George Bowden, Mansfield’s first husband, said
she resembled Oscar Wilde when draped in her flamboyant
scarf in a sartorial affectation shared by such
contemporaries as Wyndham Lewis and Ezra Pound. With the
willing assistance of her second husband, John Middleton
Murry, a self-serving, sex-fearing sentimentalist, she went
on to create the character he described as the “perfectly
exquisite, perfectly simple human being.”
Despite their
hectic, homeless, and infantilising union, it was this
mawkishly sanctified persona whom Murry promoted after
Mansfield’s death from tuberculosis at the age of
thirty-four. She died in January, 1923, having haemorrhaged
after running up a flight of stairs at Gurdjieff’s
Institute for the Harmonious Development of Man in
Fontainebleau.
Despite (or perhaps because) she married
the asexual Mury largely as a matter of convenience,
Mansfield was intensely disliked by the Bloomsbury group.
When Virginia Woolf first met Mansfield she was “a little
shocked” by her lines, “so hard and cheap,” and her
musky odour resembling a “civet cat that had taken to
street walking.” Lytton Strachey described her as a
“foul-mouthed, virulent, brazen-faced broomstick of a
creature” with an “ugly impassive mask of a
face.”
Many others commented on the mask, another
literary affectation borrowed from Wilde, whose work
Mansfield had eagerly consumed as a teenager. “Give a man
a mask and he will tell you the truth,” wrote Wilde.

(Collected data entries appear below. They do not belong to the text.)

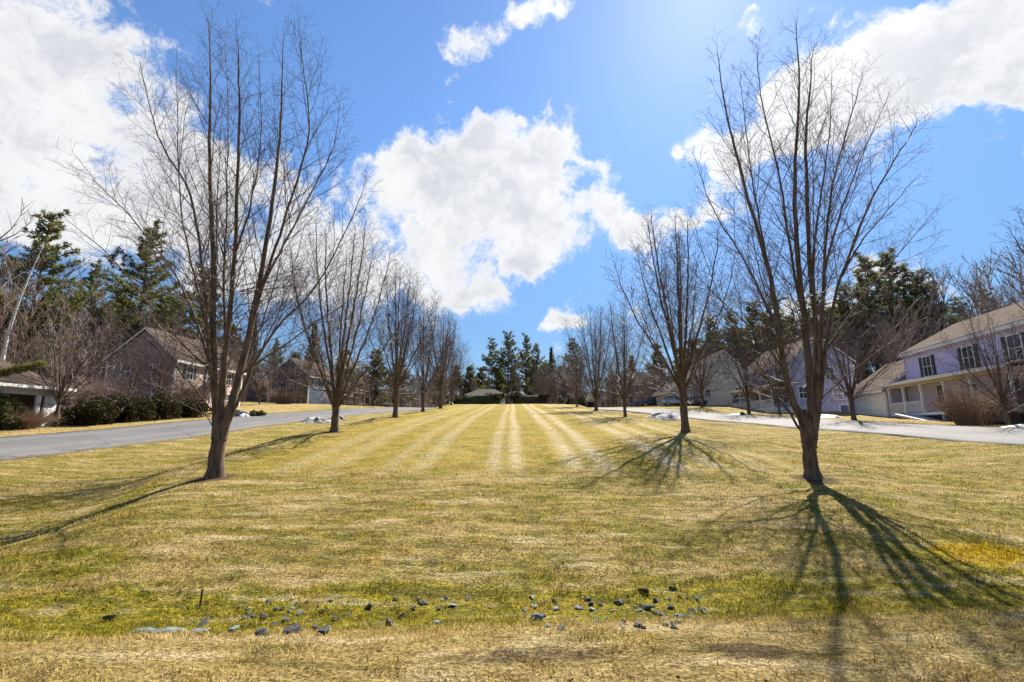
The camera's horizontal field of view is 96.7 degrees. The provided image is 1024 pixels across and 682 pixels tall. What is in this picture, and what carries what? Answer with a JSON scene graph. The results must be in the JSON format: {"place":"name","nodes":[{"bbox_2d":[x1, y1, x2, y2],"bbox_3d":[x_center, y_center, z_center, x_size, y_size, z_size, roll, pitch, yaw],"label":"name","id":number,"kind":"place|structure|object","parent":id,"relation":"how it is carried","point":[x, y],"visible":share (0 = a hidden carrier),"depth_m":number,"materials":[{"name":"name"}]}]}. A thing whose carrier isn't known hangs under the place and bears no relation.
{"place":"outdoors","nodes":[
{"label":"outdoors","id":0,"kind":"place"},
{"bbox_2d":[0,373,1023,681],"bbox_3d":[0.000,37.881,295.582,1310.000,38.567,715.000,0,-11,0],"label":"ground","id":1,"kind":"structure","parent":0,"point":[344,667],"depth_m":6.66,"materials":[{"name":"yellow plant"}]},
{"bbox_2d":[0,389,28,429],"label":"evergreen shrub","id":2,"kind":"object","parent":1,"relation":"on","point":[6,406],"visible":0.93,"depth_m":28.03,"materials":[{"name":"green plant"}]},
{"bbox_2d":[0,359,46,377],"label":"pine tree","id":3,"kind":"object","parent":1,"relation":"on","point":[16,369],"visible":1,"depth_m":26.50,"materials":[{"name":"green plant"}]},
{"bbox_2d":[1,240,52,359],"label":"birch tree","id":4,"kind":"object","parent":1,"relation":"on","point":[5,345],"visible":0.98,"depth_m":41.35,"materials":[{"name":"white plant"}]},
{"bbox_2d":[1,405,67,429],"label":"twiggy shrub","id":5,"kind":"object","parent":1,"relation":"on","point":[33,420],"visible":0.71,"depth_m":29.12,"materials":[{"name":"brown plant"}]},
{"bbox_2d":[0,358,76,425],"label":"carport","id":6,"kind":"object","parent":1,"relation":"on","point":[24,388],"visible":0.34,"depth_m":30.66,"materials":[{"name":"white paint"},{"name":"brown shingle"},{"name":"wood"}]},
{"bbox_2d":[0,207,97,370],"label":"pine tree","id":7,"kind":"object","parent":1,"relation":"on","point":[79,298],"visible":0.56,"depth_m":47.78,"materials":[{"name":"green plant"}]},
{"bbox_2d":[1,295,128,426],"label":"yard tree","id":8,"kind":"object","parent":1,"relation":"on","point":[60,396],"visible":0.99,"depth_m":31.59,"materials":[{"name":"brown plant"}]},
{"bbox_2d":[58,395,119,425],"bbox_3d":[-30.742,5.076,33.011,3.710,2.240,3.312,0,-11,0],"label":"evergreen shrub","id":9,"kind":"object","parent":1,"relation":"on","point":[84,413],"visible":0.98,"depth_m":32.38,"materials":[{"name":"green plant"}]},
{"bbox_2d":[64,259,116,381],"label":"pine tree","id":10,"kind":"object","parent":1,"relation":"on","point":[94,273],"visible":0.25,"depth_m":76.86,"materials":[{"name":"green plant"}]},
{"bbox_2d":[63,372,136,403],"bbox_3d":[-33.460,4.246,36.798,5.439,4.321,5.316,0,-11,0],"label":"twiggy shrub","id":11,"kind":"object","parent":1,"relation":"on","point":[99,391],"visible":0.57,"depth_m":36.38,"materials":[{"name":"brown plant"}]},
{"bbox_2d":[77,331,175,400],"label":"yard tree","id":12,"kind":"object","parent":1,"relation":"on","point":[122,370],"visible":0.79,"depth_m":42.03,"materials":[{"name":"brown plant"}]},
{"bbox_2d":[96,393,157,421],"bbox_3d":[-30.714,5.354,36.262,4.190,2.355,3.460,0,-11,0],"label":"evergreen shrub","id":13,"kind":"object","parent":1,"relation":"on","point":[129,413],"visible":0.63,"depth_m":35.76,"materials":[{"name":"green plant"}]},
{"bbox_2d":[75,219,195,354],"bbox_3d":[-50.876,-4.339,61.597,12.437,25.535,10.992,-5,-12,24],"label":"pine tree","id":14,"kind":"object","parent":1,"relation":"on","point":[121,298],"visible":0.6,"depth_m":61.20,"materials":[{"name":"green plant"}]},
{"bbox_2d":[134,392,181,419],"bbox_3d":[-30.593,5.593,39.151,3.990,2.468,3.576,0,-11,0],"label":"evergreen shrub","id":15,"kind":"object","parent":1,"relation":"on","point":[165,410],"visible":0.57,"depth_m":38.77,"materials":[{"name":"green plant"}]},
{"bbox_2d":[123,291,199,337],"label":"pine tree","id":16,"kind":"object","parent":1,"relation":"on","point":[159,305],"visible":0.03,"depth_m":89.86,"materials":[{"name":"green plant"}]},
{"bbox_2d":[152,627,187,634],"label":"slate slab","id":17,"kind":"structure","parent":1,"relation":"on","point":[170,628],"depth_m":4.29,"materials":[{"name":"grey stone"}]},
{"bbox_2d":[121,325,219,402],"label":"yard tree","id":18,"kind":"object","parent":1,"relation":"on","point":[172,369],"visible":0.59,"depth_m":45.58,"materials":[{"name":"brown plant"}]},
{"bbox_2d":[103,326,245,406],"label":"house","id":19,"kind":"structure","parent":1,"relation":"on","point":[154,342],"depth_m":48.72,"materials":[{"name":"brown"}]},
{"bbox_2d":[183,365,196,379],"bbox_3d":[-35.675,3.562,50.407,0.095,1.530,2.010,0,-11,0],"label":"window","id":20,"kind":"structure","parent":19,"relation":"in","point":[194,368],"depth_m":50.51,"materials":[{"name":"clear glass"}]},
{"bbox_2d":[162,375,210,404],"bbox_3d":[-33.300,5.460,46.848,5.092,4.015,5.042,0,-11,0],"label":"twiggy shrub","id":21,"kind":"object","parent":1,"relation":"on","point":[192,393],"visible":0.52,"depth_m":46.29,"materials":[{"name":"brown plant"}]},
{"bbox_2d":[177,397,211,417],"bbox_3d":[-30.123,6.192,42.620,3.317,2.096,2.752,0,-11,0],"label":"evergreen shrub","id":22,"kind":"object","parent":1,"relation":"on","point":[187,411],"visible":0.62,"depth_m":41.97,"materials":[{"name":"green plant"}]},
{"bbox_2d":[163,262,226,347],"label":"pine tree","id":23,"kind":"object","parent":1,"relation":"on","point":[189,319],"visible":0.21,"depth_m":72.65,"materials":[{"name":"green plant"}]},
{"bbox_2d":[42,0,390,478],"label":"maple tree","id":24,"kind":"object","parent":1,"relation":"on","point":[223,413],"visible":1,"depth_m":12.22,"materials":[{"name":"brown plant"}]},
{"bbox_2d":[181,333,262,398],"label":"yard tree","id":25,"kind":"object","parent":1,"relation":"on","point":[228,363],"visible":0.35,"depth_m":52.15,"materials":[{"name":"brown plant"}]},
{"bbox_2d":[217,324,256,369],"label":"pine tree","id":26,"kind":"object","parent":1,"relation":"on","point":[232,328],"visible":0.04,"depth_m":97.35,"materials":[{"name":"green plant"}]},
{"bbox_2d":[242,320,266,382],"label":"spruce tree","id":27,"kind":"object","parent":1,"relation":"on","point":[255,348],"visible":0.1,"depth_m":98.94,"materials":[{"name":"green plant"}]},
{"bbox_2d":[248,410,266,415],"bbox_3d":[-25.705,7.290,45.918,1.917,0.832,1.601,0,-11,0],"label":"evergreen shrub","id":28,"kind":"object","parent":1,"relation":"on","point":[257,413],"visible":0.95,"depth_m":45.57,"materials":[{"name":"green plant"}]},
{"bbox_2d":[244,359,285,403],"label":"yard tree","id":29,"kind":"object","parent":1,"relation":"on","point":[260,387],"visible":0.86,"depth_m":65.80,"materials":[{"name":"brown plant"}]},
{"bbox_2d":[263,338,284,378],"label":"pine tree","id":30,"kind":"object","parent":1,"relation":"on","point":[273,349],"visible":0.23,"depth_m":108.73,"materials":[{"name":"green plant"}]},
{"bbox_2d":[264,384,304,403],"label":"twiggy shrub","id":31,"kind":"object","parent":1,"relation":"on","point":[285,398],"visible":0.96,"depth_m":70.91,"materials":[{"name":"brown plant"}]},
{"bbox_2d":[241,358,335,403],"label":"house","id":32,"kind":"structure","parent":1,"relation":"on","point":[310,397],"depth_m":85.66,"materials":[{"name":"grey"}]},
{"bbox_2d":[282,623,300,634],"bbox_3d":[-1.815,2.386,3.747,0.127,0.065,0.141,12,16,40],"label":"slate rock","id":33,"kind":"object","parent":1,"relation":"on","point":[295,627],"visible":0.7,"depth_m":3.74,"materials":[{"name":"grey stone"}]},
{"bbox_2d":[281,353,326,403],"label":"yard tree","id":34,"kind":"object","parent":1,"relation":"on","point":[300,387],"visible":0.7,"depth_m":73.76,"materials":[{"name":"brown plant"}]},
{"bbox_2d":[299,416,330,422],"bbox_3d":[-17.921,7.237,41.924,3.892,0.616,2.358,0,-11,0],"label":"snow pile","id":35,"kind":"object","parent":1,"relation":"on","point":[316,419],"visible":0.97,"depth_m":41.40,"materials":[{"name":"white snow"}]},
{"bbox_2d":[304,322,327,365],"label":"spruce tree","id":36,"kind":"object","parent":1,"relation":"on","point":[313,343],"visible":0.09,"depth_m":105.39,"materials":[{"name":"green plant"}]},
{"bbox_2d":[334,349,360,399],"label":"pine tree","id":37,"kind":"object","parent":1,"relation":"on","point":[348,369],"visible":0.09,"depth_m":118.40,"materials":[{"name":"green plant"}]},
{"bbox_2d":[271,206,425,431],"bbox_3d":[-7.911,-1.013,20.663,6.866,10.308,6.506,-5,-12,26],"label":"maple tree","id":38,"kind":"object","parent":1,"relation":"on","point":[336,401],"visible":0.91,"depth_m":20.26,"materials":[{"name":"brown plant"}]},
{"bbox_2d":[344,360,380,405],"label":"yard tree","id":39,"kind":"object","parent":1,"relation":"on","point":[355,394],"visible":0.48,"depth_m":81.90,"materials":[{"name":"brown plant"}]},
{"bbox_2d":[359,348,391,405],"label":"pine tree","id":40,"kind":"object","parent":1,"relation":"on","point":[378,383],"visible":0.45,"depth_m":111.48,"materials":[{"name":"green plant"}]},
{"bbox_2d":[384,358,414,403],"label":"pine tree","id":41,"kind":"object","parent":1,"relation":"on","point":[402,383],"visible":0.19,"depth_m":121.24,"materials":[{"name":"green plant"}]},
{"bbox_2d":[355,255,450,416],"bbox_3d":[-8.059,-0.361,31.422,6.177,11.330,7.331,8,-13,-35],"label":"maple tree","id":42,"kind":"object","parent":1,"relation":"on","point":[397,368],"visible":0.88,"depth_m":31.14,"materials":[{"name":"brown plant"}]},
{"bbox_2d":[398,294,456,411],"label":"maple tree","id":43,"kind":"object","parent":1,"relation":"on","point":[421,368],"visible":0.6,"depth_m":41.24,"materials":[{"name":"brown plant"}]},
{"bbox_2d":[414,307,469,408],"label":"maple tree","id":44,"kind":"object","parent":1,"relation":"on","point":[442,378],"visible":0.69,"depth_m":51.18,"materials":[{"name":"brown plant"}]},
{"bbox_2d":[432,333,471,404],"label":"maple tree","id":45,"kind":"object","parent":1,"relation":"on","point":[456,373],"visible":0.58,"depth_m":61.00,"materials":[{"name":"brown plant"}]},
{"bbox_2d":[448,366,463,399],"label":"pine tree","id":46,"kind":"object","parent":1,"relation":"on","point":[457,385],"visible":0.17,"depth_m":129.19,"materials":[{"name":"green plant"}]},
{"bbox_2d":[457,365,484,395],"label":"pine tree","id":47,"kind":"object","parent":1,"relation":"on","point":[468,376],"visible":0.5,"depth_m":117.44,"materials":[{"name":"green plant"}]},
{"bbox_2d":[448,392,505,403],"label":"hedge","id":48,"kind":"object","parent":1,"relation":"on","point":[492,398],"visible":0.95,"depth_m":67.12,"materials":[{"name":"green plant"}]},
{"bbox_2d":[475,366,493,389],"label":"pine tree","id":49,"kind":"object","parent":1,"relation":"on","point":[480,378],"visible":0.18,"depth_m":123.57,"materials":[{"name":"green plant"}]},
{"bbox_2d":[465,389,506,403],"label":"house","id":50,"kind":"structure","parent":1,"relation":"on","point":[481,392],"depth_m":86.35,"materials":[{"name":"white"}]},
{"bbox_2d":[481,337,504,387],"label":"pine tree","id":51,"kind":"object","parent":1,"relation":"on","point":[492,348],"visible":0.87,"depth_m":108.74,"materials":[{"name":"green plant"}]},
{"bbox_2d":[490,331,523,403],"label":"pine tree","id":52,"kind":"object","parent":1,"relation":"on","point":[506,363],"visible":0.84,"depth_m":110.13,"materials":[{"name":"green plant"}]},
{"bbox_2d":[0,197,1023,407],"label":"woodland","id":53,"kind":"object","parent":1,"relation":"on","point":[975,299],"visible":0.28,"depth_m":61.71,"materials":[{"name":"brown plant"}]},
{"bbox_2d":[513,333,538,394],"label":"pine tree","id":54,"kind":"object","parent":1,"relation":"on","point":[527,357],"visible":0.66,"depth_m":116.06,"materials":[{"name":"green plant"}]},
{"bbox_2d":[508,393,550,403],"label":"hedge","id":55,"kind":"object","parent":1,"relation":"on","point":[528,399],"visible":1,"depth_m":67.22,"materials":[{"name":"green plant"}]},
{"bbox_2d":[525,343,549,394],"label":"pine tree","id":56,"kind":"object","parent":1,"relation":"on","point":[536,350],"visible":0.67,"depth_m":112.59,"materials":[{"name":"green plant"}]},
{"bbox_2d":[545,347,558,403],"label":"spruce tree","id":57,"kind":"object","parent":1,"relation":"on","point":[550,356],"visible":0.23,"depth_m":120.64,"materials":[{"name":"green plant"}]},
{"bbox_2d":[539,352,585,403],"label":"yard tree","id":58,"kind":"object","parent":1,"relation":"on","point":[564,391],"visible":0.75,"depth_m":73.65,"materials":[{"name":"brown plant"}]},
{"bbox_2d":[559,337,584,394],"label":"pine tree","id":59,"kind":"object","parent":1,"relation":"on","point":[571,355],"visible":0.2,"depth_m":113.05,"materials":[{"name":"green plant"}]},
{"bbox_2d":[558,342,593,406],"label":"maple tree","id":60,"kind":"object","parent":1,"relation":"on","point":[576,393],"visible":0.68,"depth_m":55.97,"materials":[{"name":"brown plant"}]},
{"bbox_2d":[575,395,587,406],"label":"evergreen shrub","id":61,"kind":"object","parent":1,"relation":"on","point":[582,400],"visible":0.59,"depth_m":80.79,"materials":[{"name":"green plant"}]},
{"bbox_2d":[558,306,628,410],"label":"maple tree","id":62,"kind":"object","parent":1,"relation":"on","point":[595,393],"visible":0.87,"depth_m":42.90,"materials":[{"name":"brown plant"}]},
{"bbox_2d":[581,392,611,407],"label":"house","id":63,"kind":"structure","parent":1,"relation":"on","point":[590,402],"depth_m":101.14,"materials":[{"name":"grey"}]},
{"bbox_2d":[596,365,633,406],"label":"yard tree","id":64,"kind":"object","parent":1,"relation":"on","point":[613,393],"visible":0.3,"depth_m":91.35,"materials":[{"name":"brown plant"}]},
{"bbox_2d":[583,299,653,416],"bbox_3d":[7.760,1.002,32.285,5.437,8.875,4.633,3,-11,-17],"label":"maple tree","id":65,"kind":"object","parent":1,"relation":"on","point":[625,369],"visible":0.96,"depth_m":31.94,"materials":[{"name":"brown plant"}]},
{"bbox_2d":[620,372,665,406],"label":"house","id":66,"kind":"structure","parent":1,"relation":"on","point":[637,392],"depth_m":94.88,"materials":[{"name":"beige"}]},
{"bbox_2d":[638,397,656,406],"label":"pickup truck","id":67,"kind":"object","parent":1,"relation":"on","point":[650,401],"visible":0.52,"depth_m":82.60,"materials":[{"name":"blue paint"}]},
{"bbox_2d":[645,343,672,381],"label":"pine tree","id":68,"kind":"object","parent":1,"relation":"on","point":[656,360],"visible":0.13,"depth_m":108.48,"materials":[{"name":"green plant"}]},
{"bbox_2d":[650,365,672,394],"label":"yard tree","id":69,"kind":"object","parent":1,"relation":"on","point":[661,378],"visible":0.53,"depth_m":79.94,"materials":[{"name":"brown plant"}]},
{"bbox_2d":[646,412,688,418],"bbox_3d":[16.127,7.928,48.173,6.049,0.788,3.173,0,-11,0],"label":"snow pile","id":70,"kind":"object","parent":1,"relation":"on","point":[663,415],"visible":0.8,"depth_m":47.32,"materials":[{"name":"white snow"}]},
{"bbox_2d":[661,396,679,405],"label":"parked car","id":71,"kind":"object","parent":1,"relation":"on","point":[673,400],"visible":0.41,"depth_m":72.83,"materials":[{"name":"silver metal"}]},
{"bbox_2d":[601,205,750,432],"bbox_3d":[7.571,-1.249,21.440,7.209,11.143,6.075,4,-12,-23],"label":"maple tree","id":72,"kind":"object","parent":1,"relation":"on","point":[683,368],"visible":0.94,"depth_m":20.78,"materials":[{"name":"brown plant"}]},
{"bbox_2d":[655,324,738,406],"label":"yard tree","id":73,"kind":"object","parent":1,"relation":"on","point":[704,377],"visible":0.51,"depth_m":66.93,"materials":[{"name":"brown plant"}]},
{"bbox_2d":[687,396,707,404],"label":"parked car","id":74,"kind":"object","parent":1,"relation":"on","point":[695,400],"visible":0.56,"depth_m":70.41,"materials":[{"name":"blue paint"}]},
{"bbox_2d":[652,349,744,405],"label":"house","id":75,"kind":"structure","parent":1,"relation":"on","point":[720,397],"depth_m":72.10,"materials":[{"name":"beige wood"}]},
{"bbox_2d":[689,316,736,365],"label":"pine tree","id":76,"kind":"object","parent":1,"relation":"on","point":[710,320],"visible":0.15,"depth_m":93.19,"materials":[{"name":"green plant"}]},
{"bbox_2d":[716,311,759,365],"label":"pine tree","id":77,"kind":"object","parent":1,"relation":"on","point":[735,335],"visible":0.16,"depth_m":91.00,"materials":[{"name":"green plant"}]},
{"bbox_2d":[708,321,797,412],"bbox_3d":[28.345,3.147,54.709,10.010,11.263,10.224,-10,-14,42],"label":"yard tree","id":78,"kind":"object","parent":1,"relation":"on","point":[746,389],"visible":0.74,"depth_m":53.87,"materials":[{"name":"brown plant"}]},
{"bbox_2d":[732,300,773,362],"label":"pine tree","id":79,"kind":"object","parent":1,"relation":"on","point":[751,324],"visible":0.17,"depth_m":93.46,"materials":[{"name":"green plant"}]},
{"bbox_2d":[750,293,794,353],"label":"pine tree","id":80,"kind":"object","parent":1,"relation":"on","point":[770,323],"visible":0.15,"depth_m":89.51,"materials":[{"name":"green plant"}]},
{"bbox_2d":[741,340,814,414],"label":"yard tree","id":81,"kind":"object","parent":1,"relation":"on","point":[772,368],"visible":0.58,"depth_m":49.82,"materials":[{"name":"brown plant"}]},
{"bbox_2d":[781,314,801,345],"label":"pine tree","id":82,"kind":"object","parent":1,"relation":"on","point":[786,318],"visible":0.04,"depth_m":97.62,"materials":[{"name":"green plant"}]},
{"bbox_2d":[727,337,857,412],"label":"house","id":83,"kind":"structure","parent":1,"relation":"on","point":[759,403],"depth_m":54.27,"materials":[{"name":"blue"}]},
{"bbox_2d":[798,386,806,398],"bbox_3d":[34.368,6.077,53.704,1.080,1.480,0.095,-1,-11,3],"label":"window","id":84,"kind":"structure","parent":83,"relation":"in","point":[802,392],"depth_m":53.68,"materials":[{"name":"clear glass"}]},
{"bbox_2d":[832,387,843,399],"bbox_3d":[38.262,6.187,53.475,1.180,1.480,0.095,-1,-11,3],"label":"window","id":85,"kind":"structure","parent":83,"relation":"in","point":[840,393],"depth_m":53.45,"materials":[{"name":"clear glass"}]},
{"bbox_2d":[664,7,970,479],"bbox_3d":[8.723,-3.354,13.586,8.870,14.369,5.854,0,-11,0],"label":"maple tree","id":86,"kind":"object","parent":1,"relation":"on","point":[808,418],"visible":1,"depth_m":12.23,"materials":[{"name":"brown plant"}]},
{"bbox_2d":[794,290,856,355],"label":"pine tree","id":87,"kind":"object","parent":1,"relation":"on","point":[837,317],"visible":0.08,"depth_m":79.36,"materials":[{"name":"green plant"}]},
{"bbox_2d":[823,285,871,380],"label":"pine tree","id":88,"kind":"object","parent":1,"relation":"on","point":[842,306],"visible":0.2,"depth_m":77.85,"materials":[{"name":"green plant"}]},
{"bbox_2d":[786,303,925,419],"bbox_3d":[27.416,1.543,36.775,8.771,9.869,8.958,3,-11,-17],"label":"yard tree","id":89,"kind":"object","parent":1,"relation":"on","point":[850,391],"visible":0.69,"depth_m":36.62,"materials":[{"name":"brown plant"}]},
{"bbox_2d":[832,252,930,369],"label":"pine tree","id":90,"kind":"object","parent":1,"relation":"on","point":[868,301],"visible":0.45,"depth_m":72.97,"materials":[{"name":"green plant"}]},
{"bbox_2d":[843,247,944,355],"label":"pine tree","id":91,"kind":"object","parent":1,"relation":"on","point":[887,257],"visible":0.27,"depth_m":75.41,"materials":[{"name":"green plant"}]},
{"bbox_2d":[895,268,965,351],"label":"pine tree","id":92,"kind":"object","parent":1,"relation":"on","point":[948,320],"visible":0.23,"depth_m":73.23,"materials":[{"name":"green plant"}]},
{"bbox_2d":[844,301,1023,422],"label":"house","id":93,"kind":"structure","parent":1,"relation":"on","point":[921,379],"depth_m":36.75,"materials":[{"name":"purple"}]},
{"bbox_2d":[855,394,886,416],"bbox_3d":[35.393,6.791,44.918,0.071,2.720,5.940,-3,-11,16],"label":"garage door","id":94,"kind":"structure","parent":93,"relation":"in","point":[877,409],"depth_m":44.47,"materials":[{"name":"white"}]},
{"bbox_2d":[918,354,936,376],"bbox_3d":[35.132,2.139,38.506,0.095,1.780,2.160,-3,-11,16],"label":"window","id":95,"kind":"structure","parent":93,"relation":"in","point":[926,363],"depth_m":38.47,"materials":[{"name":"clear glass"}]},
{"bbox_2d":[957,344,980,369],"bbox_3d":[33.693,1.219,33.595,0.095,1.780,2.160,-3,-11,16],"label":"window","id":96,"kind":"structure","parent":93,"relation":"in","point":[962,349],"depth_m":33.59,"materials":[{"name":"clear glass"}]},
{"bbox_2d":[1000,332,1023,361],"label":"window","id":97,"kind":"structure","parent":93,"relation":"in","point":[1018,336],"depth_m":29.38,"materials":[{"name":"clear glass"}]},
{"bbox_2d":[946,296,968,324],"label":"pine tree","id":98,"kind":"object","parent":1,"relation":"on","point":[956,299],"visible":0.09,"depth_m":82.46,"materials":[{"name":"green plant"}]},
{"bbox_2d":[917,381,1023,424],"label":"twiggy shrub","id":99,"kind":"object","parent":1,"relation":"on","point":[962,413],"visible":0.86,"depth_m":27.88,"materials":[{"name":"brown plant"}]},
{"bbox_2d":[932,308,1023,425],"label":"yard tree","id":100,"kind":"object","parent":1,"relation":"on","point":[1003,399],"visible":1,"depth_m":26.02,"materials":[{"name":"brown plant"}]},
{"bbox_2d":[966,287,993,319],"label":"pine tree","id":101,"kind":"object","parent":1,"relation":"on","point":[985,299],"visible":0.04,"depth_m":86.40,"materials":[{"name":"green plant"}]},
{"bbox_2d":[977,372,1023,424],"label":"twiggy shrub","id":102,"kind":"object","parent":1,"relation":"on","point":[1015,418],"visible":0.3,"depth_m":27.67,"materials":[{"name":"brown plant"}]},
{"bbox_2d":[988,204,1023,322],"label":"yard tree","id":103,"kind":"object","parent":1,"relation":"on","point":[1018,244],"visible":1,"depth_m":24.43,"materials":[{"name":"brown plant"}]},
{"bbox_2d":[0,407,1023,460],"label":"road","id":104,"kind":"structure","parent":0,"point":[25,446],"depth_m":27.18,"materials":[{"name":"grey asphalt"}]},
{"bbox_2d":[0,0,1023,394],"label":"sky","id":105,"kind":"structure","parent":0,"point":[512,144],"materials":[{"name":"blue"}]},
{"bbox_2d":[10,430,1021,681],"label":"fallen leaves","id":106,"kind":"object","parent":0,"point":[596,622],"visible":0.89,"depth_m":3.69,"materials":[{"name":"brown plant"}]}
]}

“Don’t lower your mask,” Mansfield similarly advised
Murry, “until you have another mask prepared
underneath.” Or, as Hilary Mantel insisted, always be sure
to ‘arrange your face.’
The image that Mansfield most
often presented in pre-War London was that of the ‘wild
colonial,’ evoking the spirit of her barbaric homeland
with bad manners, rapid costume changes, and hints of a dark
sexual past. She appeared to have gone “every sort of hog
since she was seventeen,” Woolf wrote to her sister,
Vanessa Bell. “Forever pursued by her dying,” she later
wrote to Vita Sackville-West, “[Mansfield] had to press on
through stages that should have taken years in ten
minutes.”
T.S. Eliot, to whose wife Vivien Mansfield
took an immediate and visceral dislike, was similarly
unimpressed. He wrote to Ezra Pound in November, 1922 –
“[Mansfield] is not by any means the most intelligent
woman Lady [Rothermere] has ever met. She is simply one of
the most persistent and thick-skinned toadies and one of the
vulgarist women Lady R. has ever met and is also a
sentimental crank.”
Angela Carter wondered why
“someone so gifted, so charming should have been so
universally detested,” but it’s easy to comprehend why
and how she managed to repulse “the Blooms Berries”, as
she called them. If DH Lawrence, the son of a Nottingham
coal miner, was considered to be a “mongrel terrier among
a crowd of Pomeranians and Alsatians,” as David Garnett
put it, then Mansfield’s duplicitous cunning, Antipodean
accent, and class indifference was equally unworthy of
serious consideration.
The fourth of five children,
Mansfield was born in Wellington in 1888. Redmer Yska has
already written about her privileged childhood as the
daughter of Harold Beauchamp, a successful banker and one of
the richest men in the country, in A Strange Beautiful
Excitement. As an overweight and sensual child in a thin
and cold family, she had a noticeable lust for life. In
1902, she fell in love with Arnold Trowell, a cellist, but
her feelings were for the most part unreciprocated.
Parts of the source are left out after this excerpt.